Copy every line below where the string "rect" is found.

_ _ _ _

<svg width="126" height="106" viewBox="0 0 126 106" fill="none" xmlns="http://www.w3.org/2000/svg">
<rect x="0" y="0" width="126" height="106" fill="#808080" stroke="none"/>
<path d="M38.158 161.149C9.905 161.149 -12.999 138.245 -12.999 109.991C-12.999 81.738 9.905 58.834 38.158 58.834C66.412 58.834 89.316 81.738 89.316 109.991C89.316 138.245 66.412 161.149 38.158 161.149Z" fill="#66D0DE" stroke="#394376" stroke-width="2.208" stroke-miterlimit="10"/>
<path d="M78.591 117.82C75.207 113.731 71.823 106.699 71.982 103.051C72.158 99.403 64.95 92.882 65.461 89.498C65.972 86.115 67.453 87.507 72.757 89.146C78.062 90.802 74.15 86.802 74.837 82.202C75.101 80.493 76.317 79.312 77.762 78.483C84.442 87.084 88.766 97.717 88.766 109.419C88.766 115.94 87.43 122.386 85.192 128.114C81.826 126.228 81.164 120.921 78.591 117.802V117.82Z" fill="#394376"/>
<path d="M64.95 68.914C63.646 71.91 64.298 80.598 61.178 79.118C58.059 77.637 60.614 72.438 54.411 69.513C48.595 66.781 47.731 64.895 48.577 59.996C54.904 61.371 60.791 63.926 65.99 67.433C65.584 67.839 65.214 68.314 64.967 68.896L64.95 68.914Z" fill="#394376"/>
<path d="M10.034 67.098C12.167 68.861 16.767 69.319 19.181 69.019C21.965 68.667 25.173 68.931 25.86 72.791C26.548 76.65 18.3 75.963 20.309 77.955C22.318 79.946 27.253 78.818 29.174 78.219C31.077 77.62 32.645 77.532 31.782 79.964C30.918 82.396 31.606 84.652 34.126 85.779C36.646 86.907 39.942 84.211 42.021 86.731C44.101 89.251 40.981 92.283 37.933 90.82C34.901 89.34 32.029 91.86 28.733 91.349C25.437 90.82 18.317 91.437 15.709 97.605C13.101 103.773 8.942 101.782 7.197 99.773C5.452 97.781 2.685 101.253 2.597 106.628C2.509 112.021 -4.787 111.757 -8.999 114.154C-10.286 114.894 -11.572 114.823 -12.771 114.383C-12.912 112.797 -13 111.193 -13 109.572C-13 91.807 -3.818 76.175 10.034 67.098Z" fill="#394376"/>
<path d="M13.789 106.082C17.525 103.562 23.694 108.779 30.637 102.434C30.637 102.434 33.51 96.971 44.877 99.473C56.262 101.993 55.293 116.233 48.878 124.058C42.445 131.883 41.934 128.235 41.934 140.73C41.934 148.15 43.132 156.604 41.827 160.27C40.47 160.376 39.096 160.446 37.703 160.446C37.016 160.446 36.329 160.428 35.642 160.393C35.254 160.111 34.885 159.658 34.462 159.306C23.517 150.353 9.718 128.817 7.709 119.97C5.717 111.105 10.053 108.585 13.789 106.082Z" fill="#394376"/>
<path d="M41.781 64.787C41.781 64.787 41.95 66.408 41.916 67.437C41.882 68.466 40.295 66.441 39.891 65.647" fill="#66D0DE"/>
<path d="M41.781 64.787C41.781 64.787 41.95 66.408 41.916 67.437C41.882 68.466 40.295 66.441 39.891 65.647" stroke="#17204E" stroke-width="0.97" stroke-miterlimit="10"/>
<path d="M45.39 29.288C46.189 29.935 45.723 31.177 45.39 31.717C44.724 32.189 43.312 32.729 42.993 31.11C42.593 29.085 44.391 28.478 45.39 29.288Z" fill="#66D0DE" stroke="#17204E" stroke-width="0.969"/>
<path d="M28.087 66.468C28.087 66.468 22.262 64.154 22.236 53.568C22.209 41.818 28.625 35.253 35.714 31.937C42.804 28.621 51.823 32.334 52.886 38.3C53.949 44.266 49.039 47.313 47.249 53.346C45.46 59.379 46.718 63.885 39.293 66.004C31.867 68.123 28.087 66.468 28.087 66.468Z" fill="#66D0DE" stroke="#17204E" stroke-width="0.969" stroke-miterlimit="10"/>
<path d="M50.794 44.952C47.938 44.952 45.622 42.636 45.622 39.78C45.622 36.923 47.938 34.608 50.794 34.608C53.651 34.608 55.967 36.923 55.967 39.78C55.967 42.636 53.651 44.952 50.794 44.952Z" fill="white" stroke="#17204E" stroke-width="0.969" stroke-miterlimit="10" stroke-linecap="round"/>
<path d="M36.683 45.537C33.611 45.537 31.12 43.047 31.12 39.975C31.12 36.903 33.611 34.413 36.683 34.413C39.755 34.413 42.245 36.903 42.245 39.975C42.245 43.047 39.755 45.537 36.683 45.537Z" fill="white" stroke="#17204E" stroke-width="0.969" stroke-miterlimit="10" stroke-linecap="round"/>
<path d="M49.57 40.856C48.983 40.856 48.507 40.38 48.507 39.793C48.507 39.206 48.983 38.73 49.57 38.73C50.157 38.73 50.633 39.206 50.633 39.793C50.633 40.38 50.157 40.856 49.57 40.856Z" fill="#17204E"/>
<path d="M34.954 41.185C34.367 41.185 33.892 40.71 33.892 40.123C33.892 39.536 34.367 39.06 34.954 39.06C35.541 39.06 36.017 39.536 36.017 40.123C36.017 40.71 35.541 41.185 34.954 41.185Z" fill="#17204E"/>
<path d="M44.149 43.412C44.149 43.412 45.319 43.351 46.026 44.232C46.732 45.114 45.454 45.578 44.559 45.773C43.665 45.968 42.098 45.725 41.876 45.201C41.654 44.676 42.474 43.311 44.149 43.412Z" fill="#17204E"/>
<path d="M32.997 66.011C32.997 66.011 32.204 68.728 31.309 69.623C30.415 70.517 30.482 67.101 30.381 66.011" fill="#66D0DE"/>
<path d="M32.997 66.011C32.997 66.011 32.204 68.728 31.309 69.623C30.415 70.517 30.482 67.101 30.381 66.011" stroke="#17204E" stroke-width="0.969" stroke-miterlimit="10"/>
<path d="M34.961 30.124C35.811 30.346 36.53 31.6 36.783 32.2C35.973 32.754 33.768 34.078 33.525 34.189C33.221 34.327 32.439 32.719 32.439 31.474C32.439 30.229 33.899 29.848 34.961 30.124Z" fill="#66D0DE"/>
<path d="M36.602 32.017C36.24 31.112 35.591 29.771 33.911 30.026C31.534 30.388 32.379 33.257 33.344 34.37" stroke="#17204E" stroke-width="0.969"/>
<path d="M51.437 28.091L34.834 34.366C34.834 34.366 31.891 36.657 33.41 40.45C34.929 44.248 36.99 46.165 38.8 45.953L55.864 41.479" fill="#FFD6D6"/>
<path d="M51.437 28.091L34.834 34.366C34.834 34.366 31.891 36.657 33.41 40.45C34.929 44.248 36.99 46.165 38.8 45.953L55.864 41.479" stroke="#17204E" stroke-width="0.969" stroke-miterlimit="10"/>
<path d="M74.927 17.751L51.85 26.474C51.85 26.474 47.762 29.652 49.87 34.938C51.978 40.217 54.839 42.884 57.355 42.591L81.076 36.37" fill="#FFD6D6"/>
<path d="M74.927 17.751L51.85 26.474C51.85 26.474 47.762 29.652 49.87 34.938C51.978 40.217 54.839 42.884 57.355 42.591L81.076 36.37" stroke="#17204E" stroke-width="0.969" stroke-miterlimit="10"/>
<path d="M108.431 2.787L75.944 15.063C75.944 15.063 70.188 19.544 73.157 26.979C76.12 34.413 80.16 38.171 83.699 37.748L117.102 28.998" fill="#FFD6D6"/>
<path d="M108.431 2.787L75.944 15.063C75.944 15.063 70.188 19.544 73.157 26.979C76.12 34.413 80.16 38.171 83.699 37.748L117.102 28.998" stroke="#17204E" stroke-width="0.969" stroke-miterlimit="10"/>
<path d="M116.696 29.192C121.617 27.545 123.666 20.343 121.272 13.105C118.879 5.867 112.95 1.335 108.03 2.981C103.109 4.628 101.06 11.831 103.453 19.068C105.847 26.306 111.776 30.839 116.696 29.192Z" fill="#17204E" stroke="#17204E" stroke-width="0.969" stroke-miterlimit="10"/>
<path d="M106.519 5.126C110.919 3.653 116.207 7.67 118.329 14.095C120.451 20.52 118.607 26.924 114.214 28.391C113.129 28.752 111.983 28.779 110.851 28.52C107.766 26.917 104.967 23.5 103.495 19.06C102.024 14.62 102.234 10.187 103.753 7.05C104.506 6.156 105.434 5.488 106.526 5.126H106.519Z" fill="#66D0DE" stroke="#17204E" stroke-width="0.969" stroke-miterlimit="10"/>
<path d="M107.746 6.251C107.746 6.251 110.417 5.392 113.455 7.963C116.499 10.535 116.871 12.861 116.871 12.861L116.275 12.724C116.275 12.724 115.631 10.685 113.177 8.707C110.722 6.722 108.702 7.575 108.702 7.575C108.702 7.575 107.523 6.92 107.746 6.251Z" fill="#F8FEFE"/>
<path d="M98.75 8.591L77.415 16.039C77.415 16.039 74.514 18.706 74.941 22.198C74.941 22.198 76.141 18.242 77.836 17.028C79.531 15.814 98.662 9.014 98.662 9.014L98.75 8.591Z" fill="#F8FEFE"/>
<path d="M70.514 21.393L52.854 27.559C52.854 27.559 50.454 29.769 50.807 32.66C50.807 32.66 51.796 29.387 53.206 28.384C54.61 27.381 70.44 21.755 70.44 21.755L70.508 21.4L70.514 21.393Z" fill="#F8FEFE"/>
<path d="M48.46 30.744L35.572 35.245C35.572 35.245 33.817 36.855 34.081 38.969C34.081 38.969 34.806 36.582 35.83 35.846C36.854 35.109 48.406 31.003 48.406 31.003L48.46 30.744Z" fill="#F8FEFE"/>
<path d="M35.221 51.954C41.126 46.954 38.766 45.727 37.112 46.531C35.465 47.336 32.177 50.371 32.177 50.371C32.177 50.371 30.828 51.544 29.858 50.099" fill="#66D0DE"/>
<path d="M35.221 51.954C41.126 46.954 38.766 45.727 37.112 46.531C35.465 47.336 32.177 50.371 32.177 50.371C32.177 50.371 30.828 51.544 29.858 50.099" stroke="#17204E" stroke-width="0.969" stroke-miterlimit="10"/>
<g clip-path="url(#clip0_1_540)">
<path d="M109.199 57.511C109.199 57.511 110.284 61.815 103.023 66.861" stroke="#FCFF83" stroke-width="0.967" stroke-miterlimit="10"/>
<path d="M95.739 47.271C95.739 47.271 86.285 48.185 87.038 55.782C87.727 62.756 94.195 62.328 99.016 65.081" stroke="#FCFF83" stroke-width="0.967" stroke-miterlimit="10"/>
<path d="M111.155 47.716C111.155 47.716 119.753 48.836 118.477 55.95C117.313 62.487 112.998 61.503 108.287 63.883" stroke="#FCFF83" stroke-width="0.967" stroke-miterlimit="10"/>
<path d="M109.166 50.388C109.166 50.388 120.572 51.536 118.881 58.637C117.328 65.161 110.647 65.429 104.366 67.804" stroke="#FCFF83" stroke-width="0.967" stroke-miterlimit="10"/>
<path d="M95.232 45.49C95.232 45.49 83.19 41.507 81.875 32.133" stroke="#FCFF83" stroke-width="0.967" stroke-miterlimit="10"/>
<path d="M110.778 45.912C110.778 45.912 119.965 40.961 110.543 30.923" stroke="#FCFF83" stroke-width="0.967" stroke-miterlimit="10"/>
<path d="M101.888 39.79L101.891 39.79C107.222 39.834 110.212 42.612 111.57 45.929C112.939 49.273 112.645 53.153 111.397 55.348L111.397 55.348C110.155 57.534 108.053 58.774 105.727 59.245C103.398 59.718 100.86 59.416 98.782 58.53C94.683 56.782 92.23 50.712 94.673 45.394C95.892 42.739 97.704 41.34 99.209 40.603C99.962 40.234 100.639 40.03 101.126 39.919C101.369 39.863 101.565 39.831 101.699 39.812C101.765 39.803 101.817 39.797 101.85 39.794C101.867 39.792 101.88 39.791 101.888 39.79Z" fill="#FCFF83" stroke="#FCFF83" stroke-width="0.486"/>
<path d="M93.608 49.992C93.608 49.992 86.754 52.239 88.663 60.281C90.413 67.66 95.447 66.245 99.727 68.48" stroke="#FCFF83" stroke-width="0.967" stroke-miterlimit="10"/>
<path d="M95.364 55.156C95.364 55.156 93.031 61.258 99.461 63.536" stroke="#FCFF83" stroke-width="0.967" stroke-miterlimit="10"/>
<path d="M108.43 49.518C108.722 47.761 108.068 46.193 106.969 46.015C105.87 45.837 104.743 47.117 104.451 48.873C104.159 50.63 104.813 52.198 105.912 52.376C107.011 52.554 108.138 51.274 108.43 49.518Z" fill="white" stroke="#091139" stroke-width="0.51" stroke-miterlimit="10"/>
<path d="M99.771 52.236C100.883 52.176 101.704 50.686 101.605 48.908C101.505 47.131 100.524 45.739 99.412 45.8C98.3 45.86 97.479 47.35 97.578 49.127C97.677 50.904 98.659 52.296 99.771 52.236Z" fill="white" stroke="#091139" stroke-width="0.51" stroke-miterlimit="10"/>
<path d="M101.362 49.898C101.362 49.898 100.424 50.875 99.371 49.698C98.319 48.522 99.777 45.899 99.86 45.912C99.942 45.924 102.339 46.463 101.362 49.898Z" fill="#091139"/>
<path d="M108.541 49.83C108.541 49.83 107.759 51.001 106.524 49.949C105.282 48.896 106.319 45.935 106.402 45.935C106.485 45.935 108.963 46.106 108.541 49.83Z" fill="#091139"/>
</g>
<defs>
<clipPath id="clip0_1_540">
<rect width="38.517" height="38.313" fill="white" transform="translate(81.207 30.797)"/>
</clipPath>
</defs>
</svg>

_ _ _ _

→ EXERCISE RESPONSE
<rect x="0" y="0" width="126" height="106" fill="#808080" stroke="none"/>
<rect width="38.517" height="38.313" fill="white" transform="translate(81.207 30.797)"/>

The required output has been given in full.